- Location of Orient, Maine
- Coordinates: 45°49′21″N 67°52′26″W﻿ / ﻿45.82250°N 67.87389°W
- Country: United States
- State: Maine
- County: Aroostook

Area
- • Total: 37.67 sq mi (97.56 km^{2})
- • Land: 35.52 sq mi (92.00 km^{2})
- • Water: 2.15 sq mi (5.57 km^{2})
- Elevation: 449 ft (137 m)

Population (2020)
- • Total: 156
- • Density: 4.4/sq mi (1.7/km^{2})
- Time zone: UTC−5 (Eastern (EST))
- • Summer (DST): UTC−4 (EDT)
- ZIP Code: 04471
- Area code: 207
- FIPS code: 23-55435
- GNIS feature ID: 582649
- Website: orienttownoffice.com

= Orient, Maine =

Town in Maine, United States

Orient is a town in Aroostook County, Maine, United States. The population was 156 at the 2020 census.

==Geography==
According to the United States Census Bureau, the town has a total area of 37.67 sqmi, of which 35.52 sqmi is land and 2.15 sqmi is water. The town is bordered on the north by the town of Amity, on the south by the town of Weston, on the west by the town of Haynesville, and on the east by the Saint Croix River and the parish of North Lake, New Brunswick, which are connected by the Orient–Fosterville Border Crossing.

==Demographics==

Historical population
| Census | Pop. | Note | %± |
| 1850 | 205 |  | — |
| 1860 | 233 |  | 13.7% |
| 1870 | 219 |  | −6.0% |
| 1880 | 224 |  | 2.3% |
| 1890 | 244 |  | 8.9% |
| 1900 | 208 |  | −14.8% |
| 1910 | 187 |  | −10.1% |
| 1920 | 170 |  | −9.1% |
| 1930 | 161 |  | −5.3% |
| 1940 | 147 |  | −8.7% |
| 1950 | 176 |  | 19.7% |
| 1960 | 124 |  | −29.5% |
| 1970 | 83 |  | −33.1% |
| 1980 | 97 |  | 16.9% |
| 1990 | 157 |  | 61.9% |
| 2000 | 145 |  | −7.6% |
| 2010 | 147 |  | 1.4% |
| 2020 | 156 |  | 6.1% |
U.S. Decennial Census

===2010 census===
As of the census of 2010, there were 147 people, 63 households, and 39 families living in the town. The population density was 4.1 PD/sqmi. There were 282 housing units at an average density of 7.9 /sqmi. The racial makeup of the town was 95.9% White, 0.7% Native American, and 3.4% from two or more races. Hispanic or Latino of any race were 2.0% of the population.

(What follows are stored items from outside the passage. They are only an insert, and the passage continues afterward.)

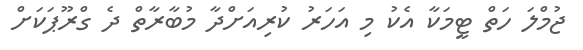
ޖުމްލަ ހަތް ޓީމަކާ އެކު މި އަހަރު ކުރިއަށްދާ މުބާރާތް ދެ ގްރޫޕަކަށް
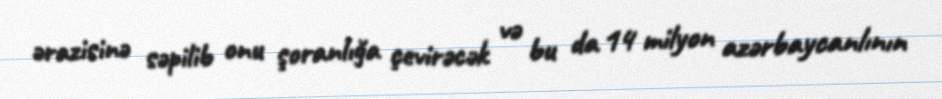
ərazisinə səpilib onu şoranlığa çevirəcək və bu da 14 milyon azərbaycanlının
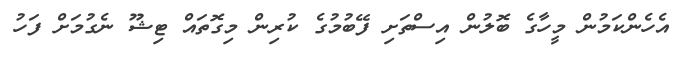
އެހެންކަމުން މީހާގެ ބޮލުން އިސްތަށި ފޭބުމުގެ ކުރިން މިގޮތައް ޓިޝޫ ނެގުމަށް ފަހު

There were 63 households, of which 25.4% had children under the age of 18 living with them, 46.0% were married couples living together, 12.7% had a female householder with no husband present, 3.2% had a male householder with no wife present, and 38.1% were non-families. 25.4% of all households were made up of individuals, and 4.8% had someone living alone who was 65 years of age or older. The average household size was 2.33 and the average family size was 2.69.

The median age in the town was 47.3 years. 19% of residents were under the age of 18; 9% were between the ages of 18 and 24; 18.4% were from 25 to 44; 38.1% were from 45 to 64; and 15.6% were 65 years of age or older. The gender makeup of the town was 53.7% male and 46.3% female.

===2000 census===
As of the census of 2000, there were 145 people, 61 households, and 40 families living in the town. The population density was 4.1 people per square mile (1.6/km^{2}). There were 270 housing units at an average density of 7.5 per square mile (2.9/km^{2}). The racial makeup of the town was 100.00% White. Hispanic or Latino of any race were 0.69% of the population.

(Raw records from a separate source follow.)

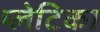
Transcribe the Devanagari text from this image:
प्लेटिका
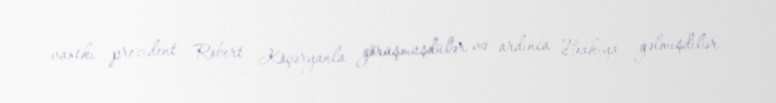
vaxtkı prezident Robert Köçəryanla görüşmüşdülər və ardınca Bakıya gəlmişdilər.
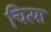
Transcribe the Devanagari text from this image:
चित्या
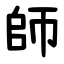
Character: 師
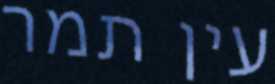
עין תמר

There were 61 households, out of which 31.1% had children under the age of 18 living with them, 50.8% were married couples living together, 9.8% had a female householder with no husband present, and 32.8% were non-families. 23.0% of all households were made up of individuals, and 6.6% had someone living alone who was 65 years of age or older. The average household size was 2.38 and the average family size was 2.76.

In the town, the age distribution of the population shows 22.8% under the age of 18, 4.8% from 18 to 24, 28.3% from 25 to 44, 24.8% from 45 to 64, and 19.3% who were 65 years of age or older. The median age was 42 years. For every 100 females, there were 107.1 males. For every 100 females age 18 and over, there were 111.3 males.

The median income for a household in the town was $19,750, and the median income for a family was $26,250. Males had a median income of $36,250 versus $20,625 for females. The per capita income for the town was $12,131. There were 18.2% of families and 29.6% of the population living below the poverty line, including 29.7% of under eighteens and 6.5% of those over 64.